Rhoades’ major preoccupation in the noughties can be summed as a search for the “ultimate pussy word”, a quest that amassed over 7,000 words that describe the female genitalia, drawn from African, Creole, Cajun, Ebonics and Hip-Hop dialects and whose findings are showcased in all three of his installations from that period: “My Madinah. In pursuit of my ermitage...” (2004), “The Black Pussy... and the Pagan Idol Workshop” (2005) and “Tijuanatanjierchandelier” (2006)—their titles also revealing the artist’s affection for word play.
“My Madinah. In pursuit of my ermitage...” was conceived as a mosque, a place of quiet contemplation, dedicated not to an almighty deity but rather to female genitalia. Walking over an array of cheap towels in lieu of prayer rugs, clumsily stitched together by the artist’s Spukaki technique, the visitor is overwhelmed by a cloud of 240 neon slang words for pussy such as “Satan’s cave”, “magic handbag” and “yoyo smuggle”. Borrowing from the visual language of western culture and the holy sites of Islam to explore taboos and post-9/11 Islamophobia, the piece is both very public in its references and at the same time very personal as it embodies the artist’s own version of spiritual development.
Islam and female genitalia are also referenced in “The Black Pussy... and the Pagan Idol Workshop” which was inspired by the pre-Islamic story of the Kaaba: once a repository of pagan idols, it was turned into Islam's most sacred site when Muhammad rededicated it to Allah. For this installation, Rhoades has recreated 360 idols that were banished from Kaaba, and mixed them together with Egyptian-made hookah pipes, Native American dream catchers, beaver-felt cowboy hats, a collection of ancient Chinese gongshi stones and, as in the previous work, slang terms for vagina in neon. The piece feels like a cross between an abandoned, polytheistic shrine and a flea market, alluding to the intersection of religion and commerce, where the intrinsic value of banished idols, amulets, talismans and censored words is a matter of supply and demand.
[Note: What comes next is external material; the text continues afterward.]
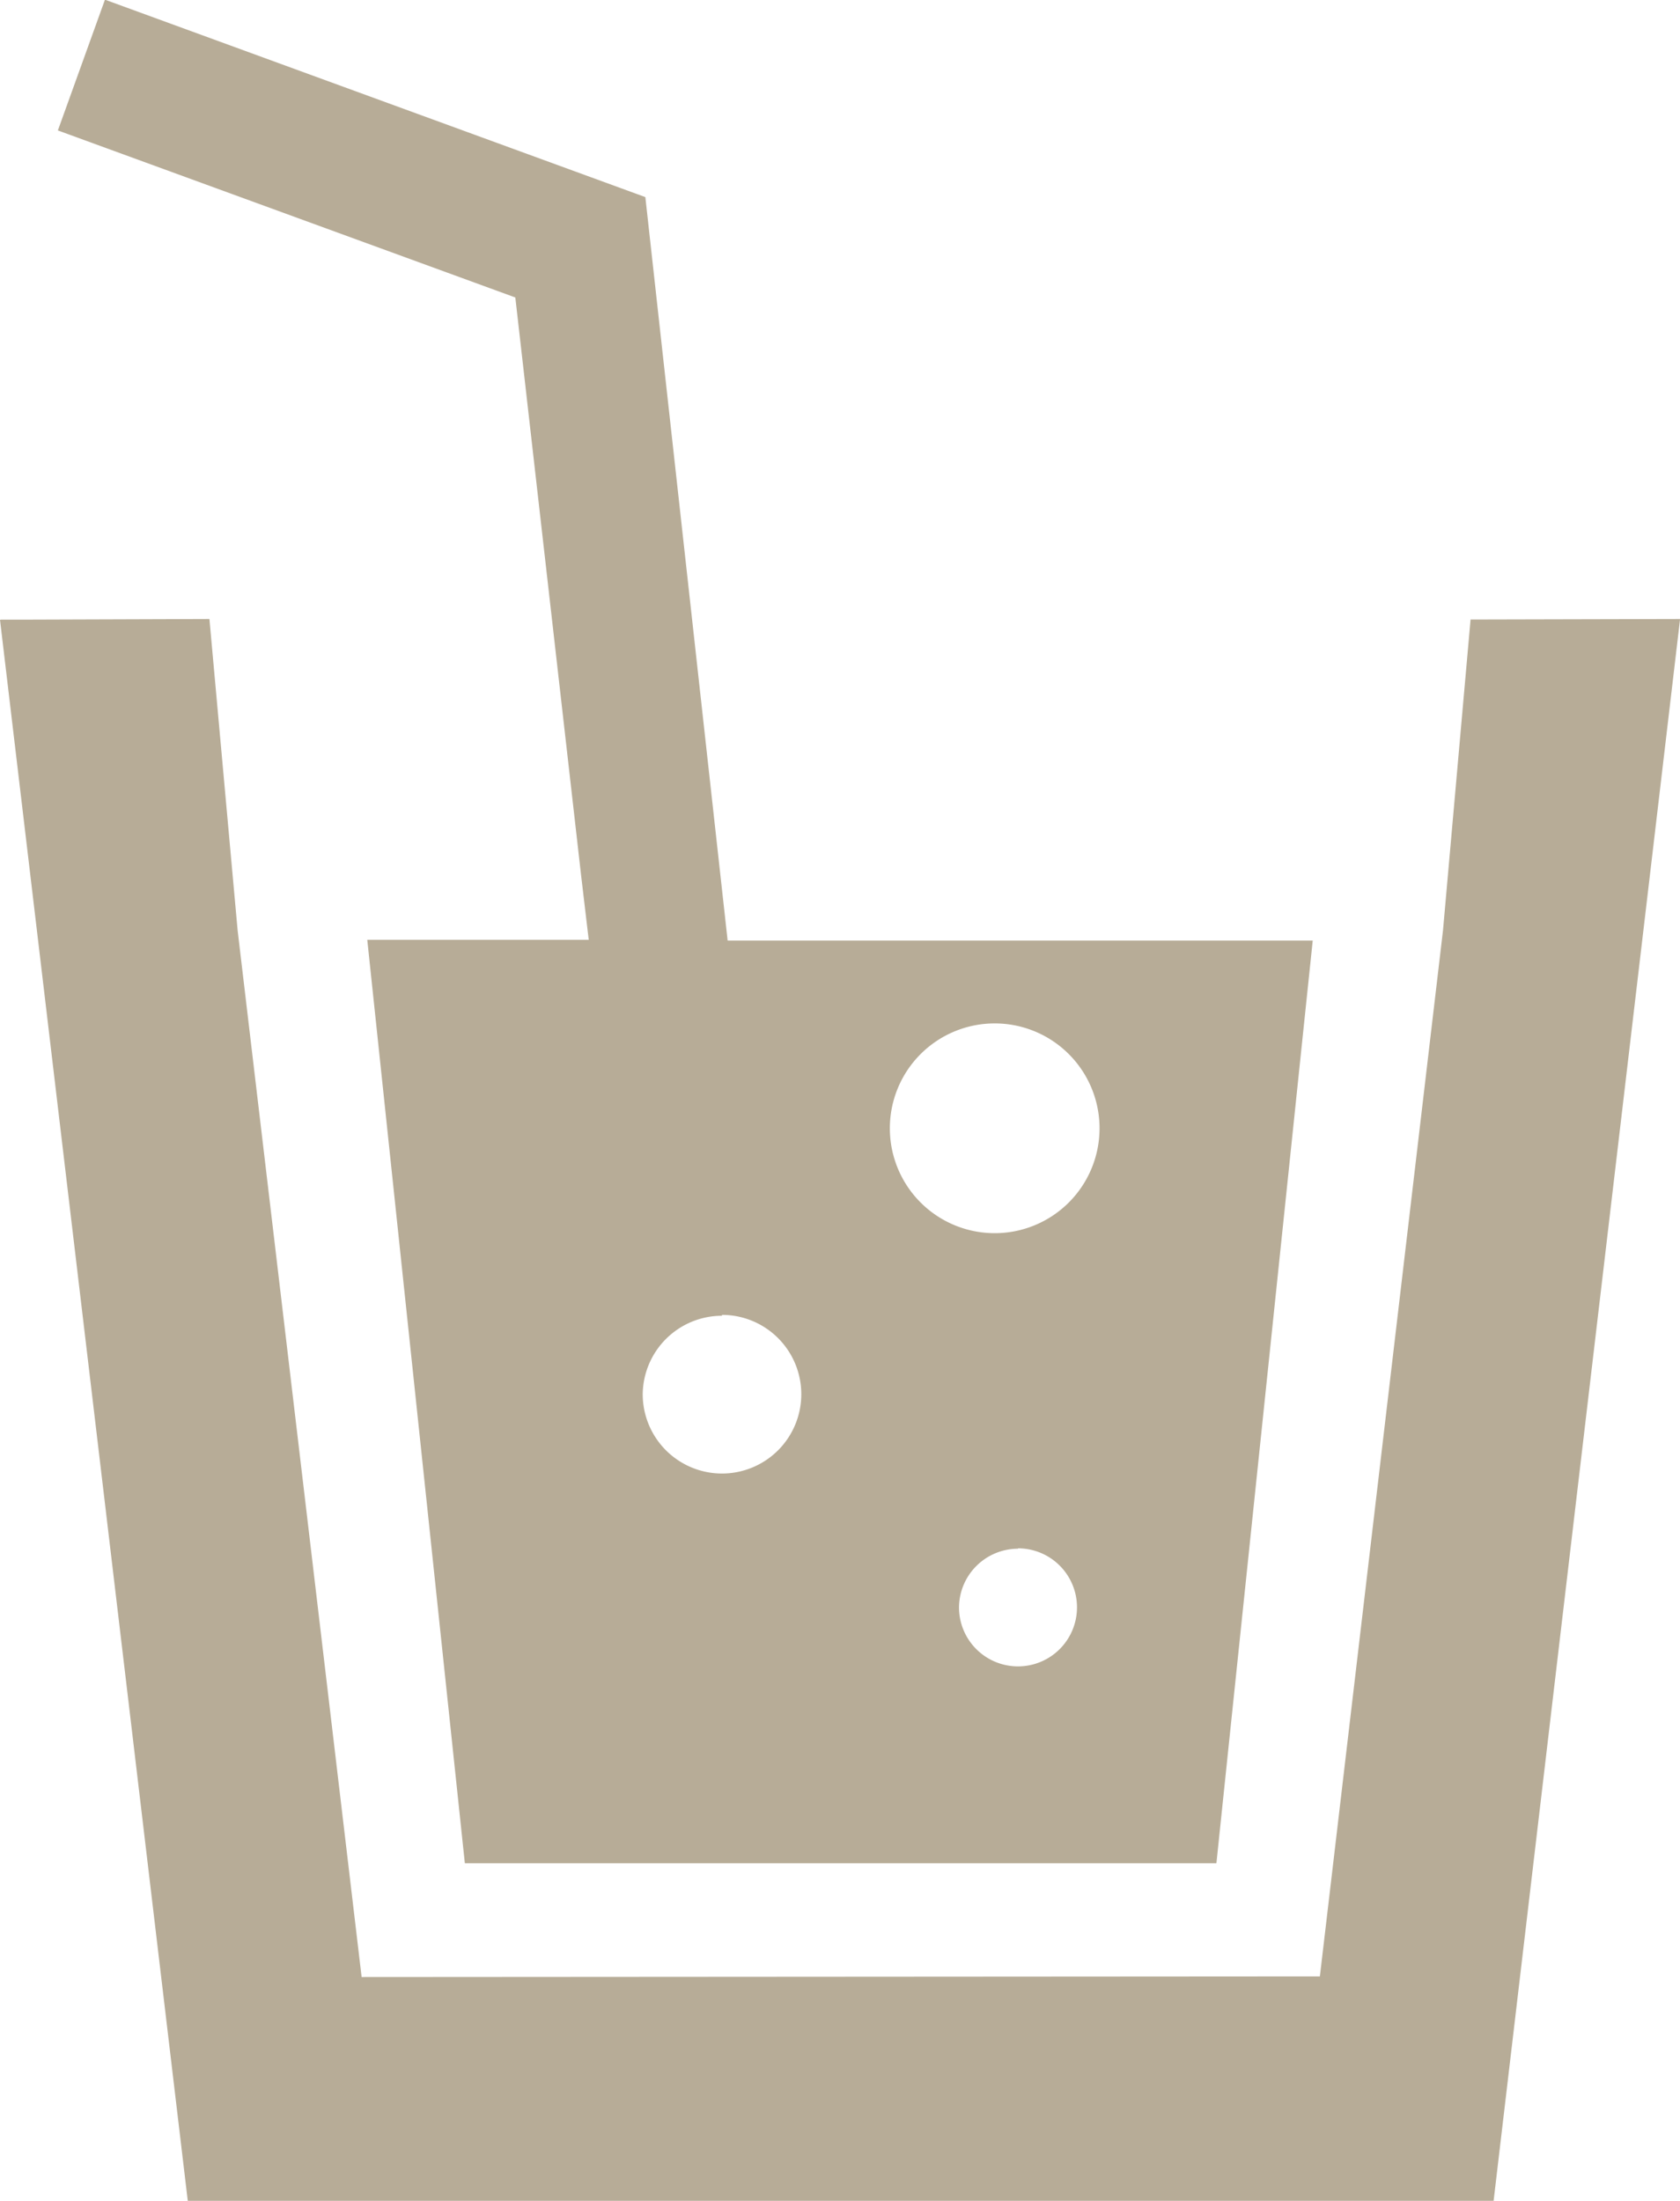 <svg xmlns="http://www.w3.org/2000/svg" viewBox="0 0 134.12 175.63"><defs><style>.cls-1{fill:#b7ac97;}</style></defs><title>ico_drink</title><g id="レイヤー_2" data-name="レイヤー 2"><g id="レイヤー_1-2" data-name="レイヤー 1"><polygon class="cls-1" points="134.12 49.45 134.12 49.4 117.4 49.44 115.2 74.24 105.37 157.72 28.87 157.77 18.97 74.24 16.72 49.4 1.82 49.45 0.06 49.45 0.06 49.46 0 49.46 14.99 175.63 119.24 175.63 132.53 62.95 134.12 49.45 134.12 49.45"/><path class="cls-1" d="M46.4,69.93,47,75l-15.92,0H29.32l7.79,73.69h60L104,82.7l.8-7.64h0v0l-46.71,0L51.52,15.73,8.45,0h0L8.37,0,4.62,10.41,41.14,23.74Zm11.24,35a6.33,6.33,0,1,1-6.33,6.33A6.33,6.33,0,0,1,57.64,105Zm23.63,18.63a4.71,4.71,0,1,1-4.71,4.71A4.72,4.72,0,0,1,81.27,123.59ZM79.41,98.41A8.37,8.37,0,1,1,87.78,90,8.37,8.37,0,0,1,79.41,98.41Z"/></g></g></svg>

Finally, in “Tijuanatanjierchandelier”, his last piece before his death, Rhoades swaps the holy site for the market place—the concepts are almost interchangeable in the artist’s universe—creating a bazaar out of blankets full of wares bought in Tijuana, Mexico and Tangier, Morocco, accompanied by a cluster of tangled chandeliers of fake maracas, sombreros, bogus designer handbags, Moroccan hanging lights and other “exotic” souvenirs from the two border towns. Despite the cultural and geographical distance that separates them, the installation alludes to the similar ways in which their disparate cultures have been commercialized and homogenized in a globalized environment. Once again, 176 neon “pussy words” in English or Spanish glow seductively amidst the suspended tchotchkes; after all, Rhoades considered his separate works as components of one single piece realized over time and this retrospective exhibition monumentally attests to that.